[Stored items from a collection]
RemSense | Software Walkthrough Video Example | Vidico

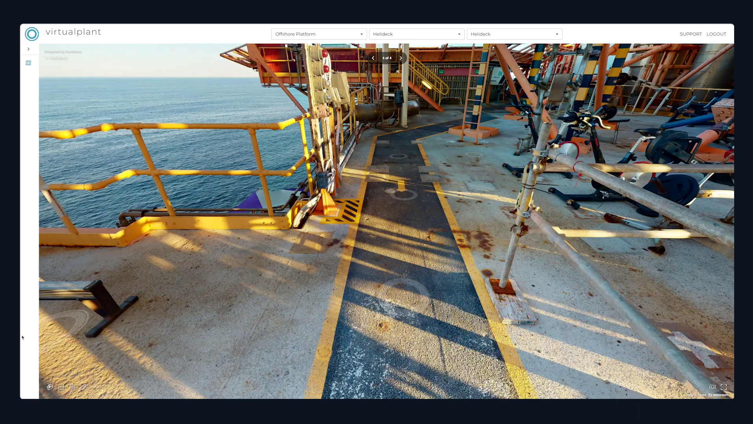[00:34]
Virtual Plant enables remote measurements within spaces,
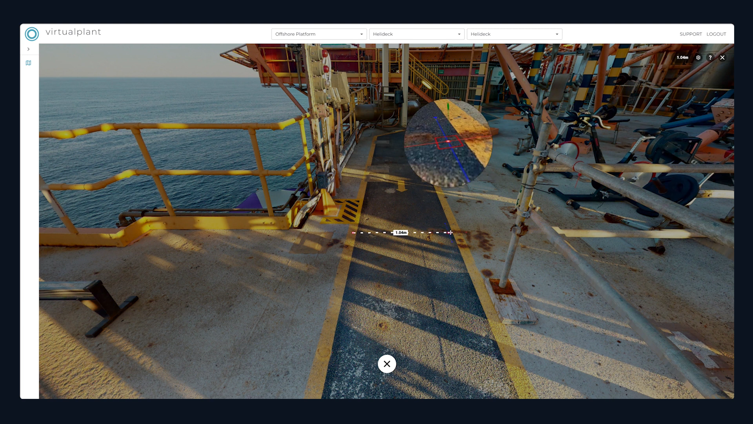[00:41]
allowing you to choose between different measurement units and features.
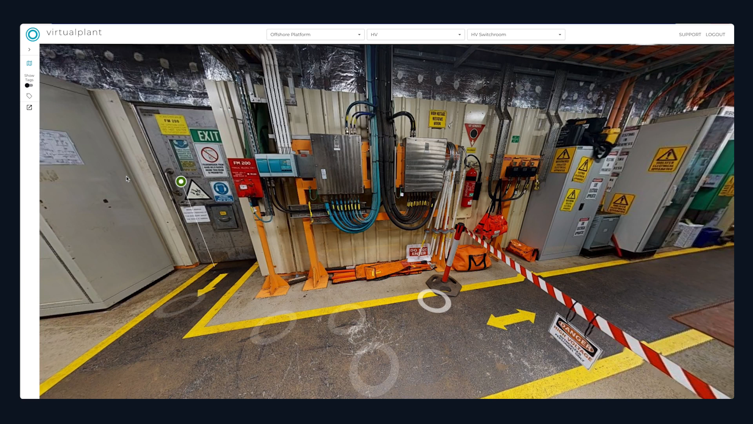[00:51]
Use Virtual Plant's search to identify existing or unregistered assets via tag number or asset ID.
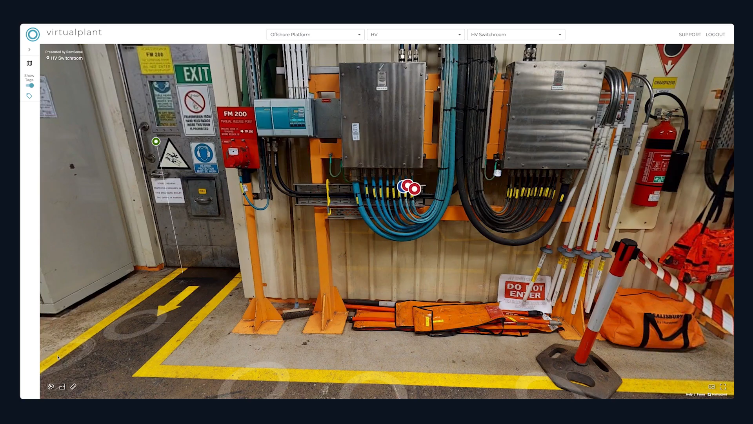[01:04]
And visualise the space plan,
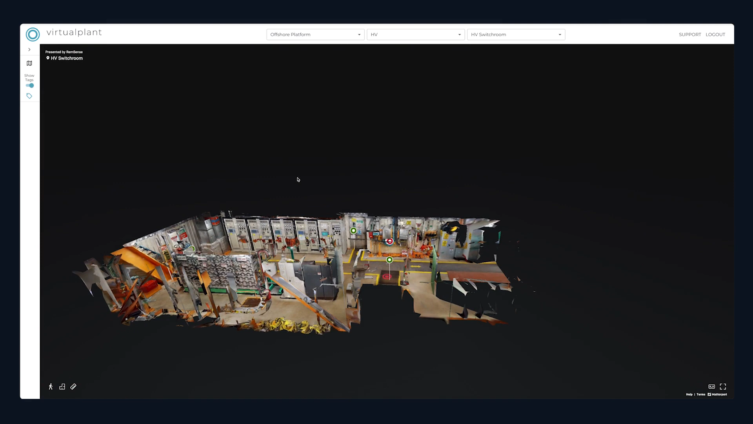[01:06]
however big or small it is, by using the dollhouse map view.

(Directions): Restate each of the entries above word for word and skip every image.

(Response to this task):
RemSense | Software Walkthrough Video Example | Vidico

[00:34]
Virtual Plant enables remote measurements within spaces,
[00:41]
allowing you to choose between different measurement units and features.
[00:51]
Use Virtual Plant's search to identify existing or unregistered assets via tag number or asset ID.
[01:04]
And visualise the space plan,
[01:06]
however big or small it is, by using the dollhouse map view.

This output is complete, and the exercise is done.